* _Work task_
Starting at the line that contains "16.952) rotate(33.685) scale(48.676" and ending at the line that contains "43.797H15.619C16.244 43.797 16.75", the lines below are to be given again exactly, with nothing added.

[Data entries]
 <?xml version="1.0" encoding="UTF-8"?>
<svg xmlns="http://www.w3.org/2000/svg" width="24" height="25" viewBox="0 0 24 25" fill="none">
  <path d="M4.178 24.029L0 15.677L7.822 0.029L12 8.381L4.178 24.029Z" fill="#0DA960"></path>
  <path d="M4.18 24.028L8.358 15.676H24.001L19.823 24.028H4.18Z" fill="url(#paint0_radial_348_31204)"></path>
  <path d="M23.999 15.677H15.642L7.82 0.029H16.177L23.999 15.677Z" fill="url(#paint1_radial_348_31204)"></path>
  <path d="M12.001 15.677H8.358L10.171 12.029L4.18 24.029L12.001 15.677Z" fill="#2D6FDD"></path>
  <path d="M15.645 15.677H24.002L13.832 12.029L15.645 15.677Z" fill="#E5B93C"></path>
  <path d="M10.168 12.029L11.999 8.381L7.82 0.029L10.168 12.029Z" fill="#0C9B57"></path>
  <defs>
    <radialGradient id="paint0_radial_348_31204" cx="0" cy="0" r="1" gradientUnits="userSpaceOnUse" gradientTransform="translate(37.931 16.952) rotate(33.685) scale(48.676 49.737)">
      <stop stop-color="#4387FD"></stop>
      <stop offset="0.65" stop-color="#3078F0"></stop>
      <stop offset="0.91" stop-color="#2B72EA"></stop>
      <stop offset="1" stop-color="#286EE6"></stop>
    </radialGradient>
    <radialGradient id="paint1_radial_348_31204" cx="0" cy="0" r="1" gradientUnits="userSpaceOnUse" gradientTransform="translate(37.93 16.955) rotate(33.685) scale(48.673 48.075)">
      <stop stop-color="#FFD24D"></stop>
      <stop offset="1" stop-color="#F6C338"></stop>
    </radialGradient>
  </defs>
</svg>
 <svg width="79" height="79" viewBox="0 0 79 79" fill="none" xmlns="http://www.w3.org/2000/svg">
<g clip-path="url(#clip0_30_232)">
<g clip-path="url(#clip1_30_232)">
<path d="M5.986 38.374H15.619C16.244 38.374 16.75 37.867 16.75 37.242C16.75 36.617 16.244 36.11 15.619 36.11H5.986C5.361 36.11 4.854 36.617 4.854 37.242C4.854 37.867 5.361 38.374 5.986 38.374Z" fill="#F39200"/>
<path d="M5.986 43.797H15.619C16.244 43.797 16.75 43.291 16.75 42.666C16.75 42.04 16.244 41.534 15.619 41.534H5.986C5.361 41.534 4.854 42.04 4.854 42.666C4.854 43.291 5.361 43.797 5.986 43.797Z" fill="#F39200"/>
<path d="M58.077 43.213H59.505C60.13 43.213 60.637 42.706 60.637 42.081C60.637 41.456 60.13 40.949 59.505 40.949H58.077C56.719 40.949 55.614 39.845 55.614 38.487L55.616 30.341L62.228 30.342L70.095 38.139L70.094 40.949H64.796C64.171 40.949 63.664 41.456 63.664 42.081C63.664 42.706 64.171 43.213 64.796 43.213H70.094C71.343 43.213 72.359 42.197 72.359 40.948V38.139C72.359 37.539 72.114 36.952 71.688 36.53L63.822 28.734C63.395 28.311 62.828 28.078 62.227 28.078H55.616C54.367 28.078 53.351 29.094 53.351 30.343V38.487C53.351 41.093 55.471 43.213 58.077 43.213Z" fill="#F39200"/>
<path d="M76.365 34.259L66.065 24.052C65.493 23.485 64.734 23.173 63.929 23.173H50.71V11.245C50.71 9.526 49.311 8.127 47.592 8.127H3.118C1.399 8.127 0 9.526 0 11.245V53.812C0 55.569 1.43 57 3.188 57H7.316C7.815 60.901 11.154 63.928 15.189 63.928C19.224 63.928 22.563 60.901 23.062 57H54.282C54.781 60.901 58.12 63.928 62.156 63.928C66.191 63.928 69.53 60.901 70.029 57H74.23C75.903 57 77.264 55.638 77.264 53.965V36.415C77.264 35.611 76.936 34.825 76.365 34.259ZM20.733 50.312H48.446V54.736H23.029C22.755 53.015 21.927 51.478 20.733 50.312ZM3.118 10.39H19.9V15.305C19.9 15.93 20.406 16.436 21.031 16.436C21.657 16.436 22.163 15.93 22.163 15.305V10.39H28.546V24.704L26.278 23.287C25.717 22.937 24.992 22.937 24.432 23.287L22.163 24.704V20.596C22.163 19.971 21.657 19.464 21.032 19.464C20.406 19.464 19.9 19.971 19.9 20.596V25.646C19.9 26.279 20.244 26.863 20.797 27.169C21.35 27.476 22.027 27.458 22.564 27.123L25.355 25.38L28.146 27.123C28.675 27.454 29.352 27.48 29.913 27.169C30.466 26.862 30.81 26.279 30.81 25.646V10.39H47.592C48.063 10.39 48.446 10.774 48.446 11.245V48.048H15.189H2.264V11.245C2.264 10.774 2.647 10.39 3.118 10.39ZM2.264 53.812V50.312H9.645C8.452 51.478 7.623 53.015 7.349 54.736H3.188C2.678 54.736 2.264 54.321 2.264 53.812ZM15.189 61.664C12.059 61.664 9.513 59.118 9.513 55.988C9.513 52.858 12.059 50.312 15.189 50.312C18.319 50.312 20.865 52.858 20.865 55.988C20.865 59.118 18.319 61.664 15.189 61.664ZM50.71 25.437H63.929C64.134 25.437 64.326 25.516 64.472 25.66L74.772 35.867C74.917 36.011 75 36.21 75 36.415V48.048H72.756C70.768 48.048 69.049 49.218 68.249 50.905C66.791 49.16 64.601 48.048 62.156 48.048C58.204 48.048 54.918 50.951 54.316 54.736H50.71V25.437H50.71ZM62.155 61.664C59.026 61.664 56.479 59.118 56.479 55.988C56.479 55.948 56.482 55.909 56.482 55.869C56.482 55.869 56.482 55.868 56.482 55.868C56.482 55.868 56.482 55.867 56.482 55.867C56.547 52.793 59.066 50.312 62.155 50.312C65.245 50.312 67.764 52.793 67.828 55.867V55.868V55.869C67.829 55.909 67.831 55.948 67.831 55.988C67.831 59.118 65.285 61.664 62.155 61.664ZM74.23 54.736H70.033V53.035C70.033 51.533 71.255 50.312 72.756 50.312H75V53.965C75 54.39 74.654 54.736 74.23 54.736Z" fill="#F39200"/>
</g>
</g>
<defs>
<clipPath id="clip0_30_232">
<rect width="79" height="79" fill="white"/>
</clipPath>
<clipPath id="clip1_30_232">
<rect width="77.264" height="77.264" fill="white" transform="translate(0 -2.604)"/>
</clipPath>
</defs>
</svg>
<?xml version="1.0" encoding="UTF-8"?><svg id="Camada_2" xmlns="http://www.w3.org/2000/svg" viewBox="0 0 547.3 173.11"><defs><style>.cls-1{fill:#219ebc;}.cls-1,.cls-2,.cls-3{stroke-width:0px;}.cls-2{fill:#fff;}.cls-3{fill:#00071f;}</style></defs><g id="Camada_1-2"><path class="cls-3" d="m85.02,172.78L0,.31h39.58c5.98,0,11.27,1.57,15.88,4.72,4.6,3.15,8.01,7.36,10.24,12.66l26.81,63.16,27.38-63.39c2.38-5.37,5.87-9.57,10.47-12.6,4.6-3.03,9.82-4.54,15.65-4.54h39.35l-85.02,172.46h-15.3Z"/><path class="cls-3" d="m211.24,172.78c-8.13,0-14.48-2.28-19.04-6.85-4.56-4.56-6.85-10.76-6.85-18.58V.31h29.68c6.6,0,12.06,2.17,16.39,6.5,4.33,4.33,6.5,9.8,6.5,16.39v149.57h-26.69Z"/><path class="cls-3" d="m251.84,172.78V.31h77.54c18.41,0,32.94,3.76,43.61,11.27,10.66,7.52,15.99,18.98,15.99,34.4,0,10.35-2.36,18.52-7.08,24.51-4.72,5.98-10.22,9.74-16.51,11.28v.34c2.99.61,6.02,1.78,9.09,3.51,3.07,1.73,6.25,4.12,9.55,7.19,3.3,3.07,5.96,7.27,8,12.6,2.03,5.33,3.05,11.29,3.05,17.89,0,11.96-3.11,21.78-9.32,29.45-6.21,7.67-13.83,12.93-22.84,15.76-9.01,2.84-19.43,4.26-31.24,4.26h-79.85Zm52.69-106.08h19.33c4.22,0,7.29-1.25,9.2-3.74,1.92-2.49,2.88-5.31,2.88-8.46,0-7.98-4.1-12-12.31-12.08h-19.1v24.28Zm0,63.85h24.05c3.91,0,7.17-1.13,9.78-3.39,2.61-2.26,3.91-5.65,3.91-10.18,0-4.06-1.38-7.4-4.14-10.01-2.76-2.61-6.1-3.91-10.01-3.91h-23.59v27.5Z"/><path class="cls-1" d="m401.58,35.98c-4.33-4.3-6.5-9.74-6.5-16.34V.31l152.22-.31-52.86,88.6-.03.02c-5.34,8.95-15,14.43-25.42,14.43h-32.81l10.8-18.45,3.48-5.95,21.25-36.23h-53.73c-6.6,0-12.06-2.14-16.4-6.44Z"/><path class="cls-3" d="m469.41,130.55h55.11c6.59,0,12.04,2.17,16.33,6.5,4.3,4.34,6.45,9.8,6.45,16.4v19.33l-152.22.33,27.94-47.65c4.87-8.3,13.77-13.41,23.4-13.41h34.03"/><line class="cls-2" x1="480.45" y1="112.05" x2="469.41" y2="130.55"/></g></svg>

* _Worked solution_
    <radialGradient id="paint0_radial_348_31204" cx="0" cy="0" r="1" gradientUnits="userSpaceOnUse" gradientTransform="translate(37.931 16.952) rotate(33.685) scale(48.676 49.737)">
      <stop stop-color="#4387FD"></stop>
      <stop offset="0.65" stop-color="#3078F0"></stop>
      <stop offset="0.91" stop-color="#2B72EA"></stop>
      <stop offset="1" stop-color="#286EE6"></stop>
    </radialGradient>
    <radialGradient id="paint1_radial_348_31204" cx="0" cy="0" r="1" gradientUnits="userSpaceOnUse" gradientTransform="translate(37.93 16.955) rotate(33.685) scale(48.673 48.075)">
      <stop stop-color="#FFD24D"></stop>
      <stop offset="1" stop-color="#F6C338"></stop>
    </radialGradient>
  </defs>
</svg>
 <svg width="79" height="79" viewBox="0 0 79 79" fill="none" xmlns="http://www.w3.org/2000/svg">
<g clip-path="url(#clip0_30_232)">
<g clip-path="url(#clip1_30_232)">
<path d="M5.986 38.374H15.619C16.244 38.374 16.75 37.867 16.75 37.242C16.75 36.617 16.244 36.11 15.619 36.11H5.986C5.361 36.11 4.854 36.617 4.854 37.242C4.854 37.867 5.361 38.374 5.986 38.374Z" fill="#F39200"/>
<path d="M5.986 43.797H15.619C16.244 43.797 16.75 43.291 16.75 42.666C16.75 42.04 16.244 41.534 15.619 41.534H5.986C5.361 41.534 4.854 42.04 4.854 42.666C4.854 43.291 5.361 43.797 5.986 43.797Z" fill="#F39200"/>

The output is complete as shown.